**TASK TO COMPLETE**
Give the data again exactly, without images.

[Opening AVAILABLE DATA section]

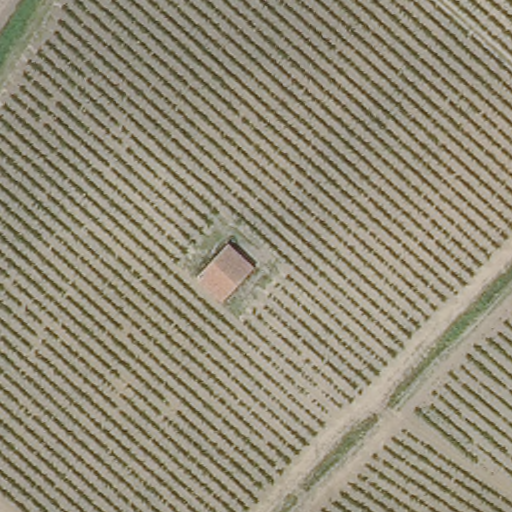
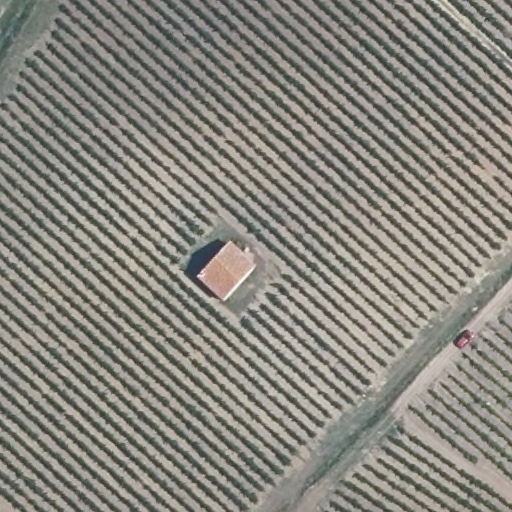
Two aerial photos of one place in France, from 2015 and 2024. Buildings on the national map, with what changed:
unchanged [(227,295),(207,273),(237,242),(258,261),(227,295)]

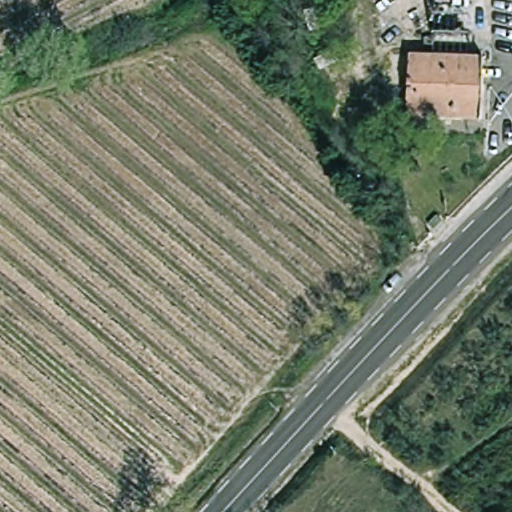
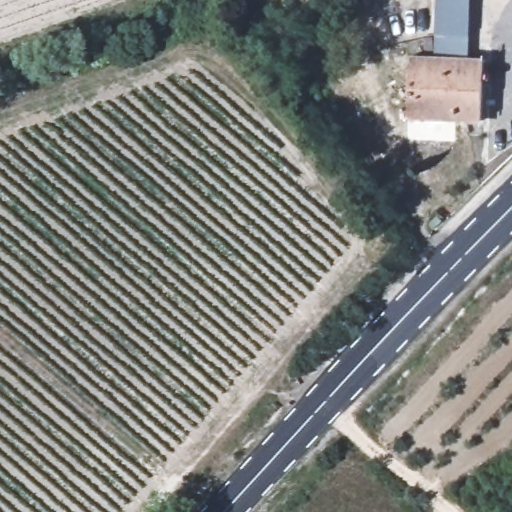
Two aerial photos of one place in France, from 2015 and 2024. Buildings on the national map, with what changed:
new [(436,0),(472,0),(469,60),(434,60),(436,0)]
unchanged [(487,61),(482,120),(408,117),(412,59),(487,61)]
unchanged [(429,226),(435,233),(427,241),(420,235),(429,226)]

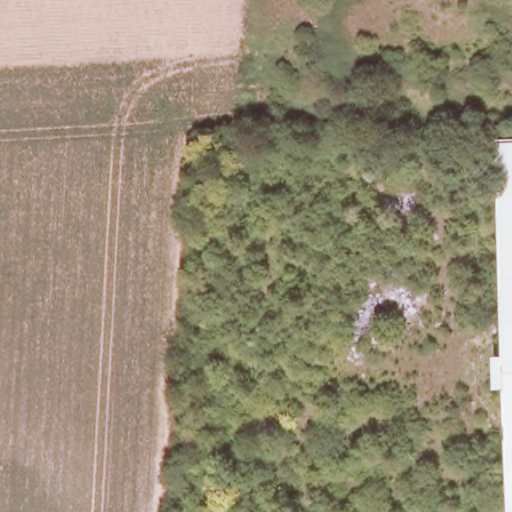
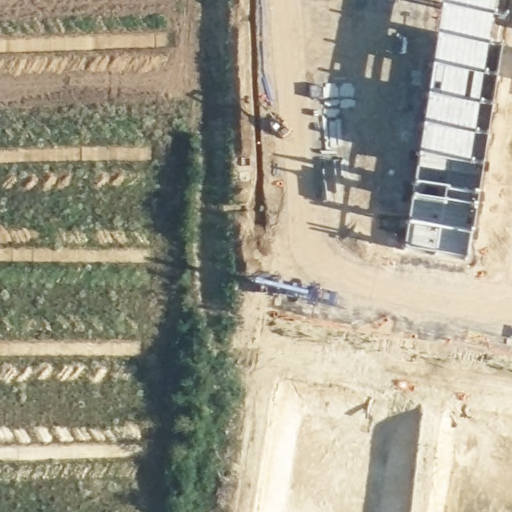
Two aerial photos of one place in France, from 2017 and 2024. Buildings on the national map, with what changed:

[Closing AVAILABLE DATA section]

**OUTPUT OF THE EXERCISE**
Two aerial photos of one place in France, from 2015 and 2024. Buildings on the national map, with what changed:
unchanged [(227,295),(207,273),(237,242),(258,261),(227,295)]

Two aerial photos of one place in France, from 2015 and 2024. Buildings on the national map, with what changed:
new [(436,0),(472,0),(469,60),(434,60),(436,0)]
unchanged [(487,61),(482,120),(408,117),(412,59),(487,61)]
unchanged [(429,226),(435,233),(427,241),(420,235),(429,226)]

Two aerial photos of one place in France, from 2017 and 2024. Buildings on the national map, with what changed:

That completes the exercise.